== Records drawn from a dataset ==
+--

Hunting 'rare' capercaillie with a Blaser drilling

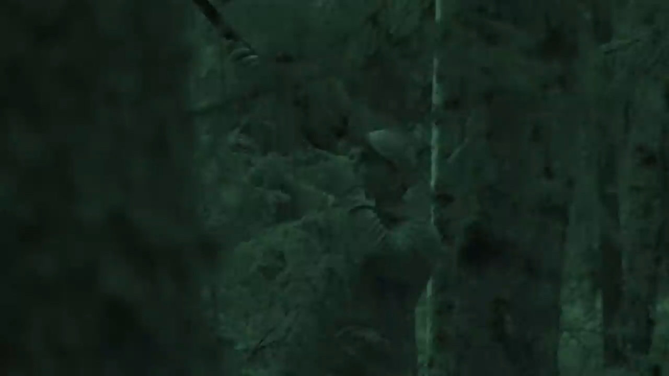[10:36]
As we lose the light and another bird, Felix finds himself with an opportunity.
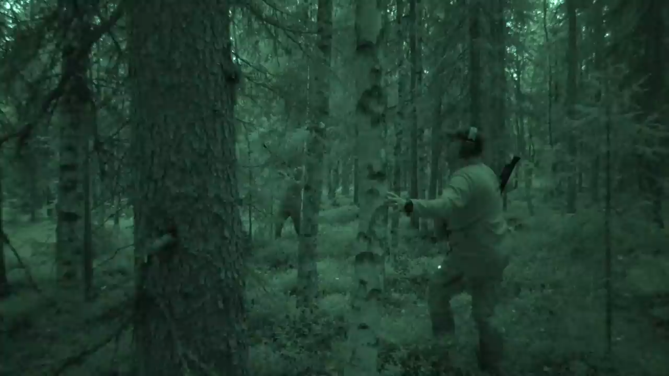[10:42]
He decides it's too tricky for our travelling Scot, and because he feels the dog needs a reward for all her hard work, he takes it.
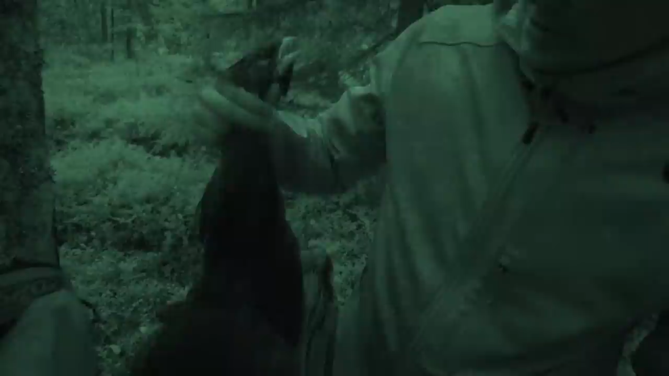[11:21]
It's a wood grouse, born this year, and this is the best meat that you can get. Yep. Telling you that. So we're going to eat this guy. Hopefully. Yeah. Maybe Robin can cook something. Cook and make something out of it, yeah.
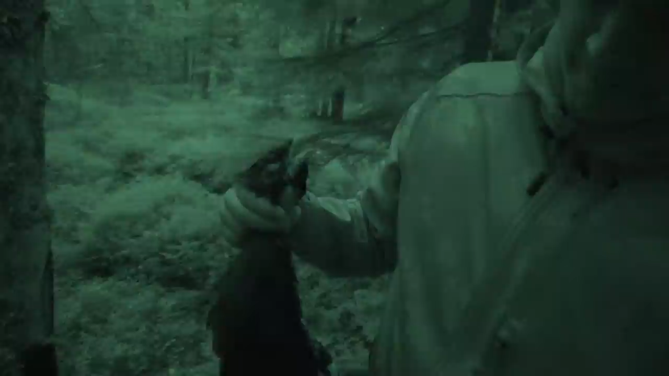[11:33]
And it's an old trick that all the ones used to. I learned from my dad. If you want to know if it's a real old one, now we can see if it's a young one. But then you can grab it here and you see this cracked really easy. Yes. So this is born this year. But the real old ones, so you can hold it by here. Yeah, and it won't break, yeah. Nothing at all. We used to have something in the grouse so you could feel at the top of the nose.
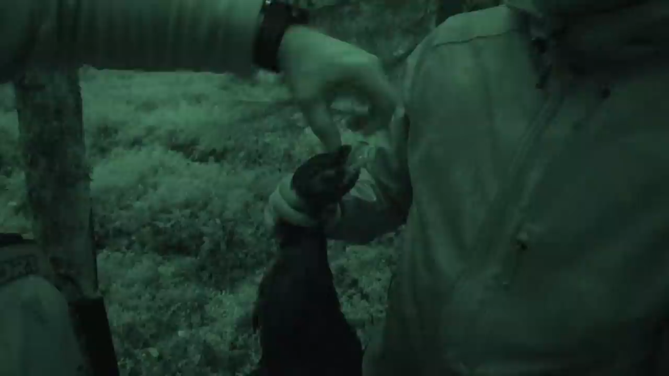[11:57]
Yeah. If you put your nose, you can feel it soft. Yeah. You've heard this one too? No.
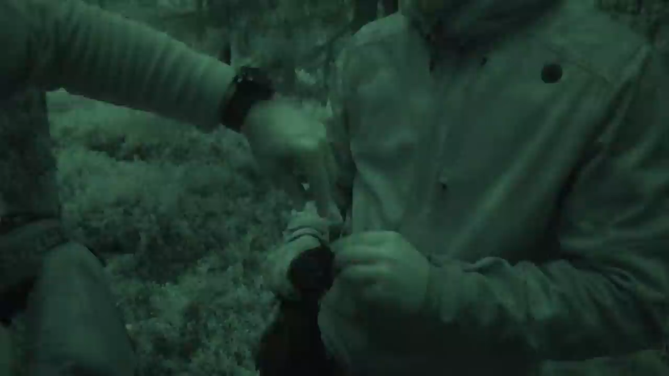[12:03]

+--

Write out every entry above exactly as it stands, minus the pictures.

Hunting 'rare' capercaillie with a Blaser drilling

[10:36]
As we lose the light and another bird, Felix finds himself with an opportunity.
[10:42]
He decides it's too tricky for our travelling Scot, and because he feels the dog needs a reward for all her hard work, he takes it.
[11:21]
It's a wood grouse, born this year, and this is the best meat that you can get. Yep. Telling you that. So we're going to eat this guy. Hopefully. Yeah. Maybe Robin can cook something. Cook and make something out of it, yeah.
[11:33]
And it's an old trick that all the ones used to. I learned from my dad. If you want to know if it's a real old one, now we can see if it's a young one. But then you can grab it here and you see this cracked really easy. Yes. So this is born this year. But the real old ones, so you can hold it by here. Yeah, and it won't break, yeah. Nothing at all. We used to have something in the grouse so you could feel at the top of the nose.
[11:57]
Yeah. If you put your nose, you can feel it soft. Yeah. You've heard this one too? No.
[12:03]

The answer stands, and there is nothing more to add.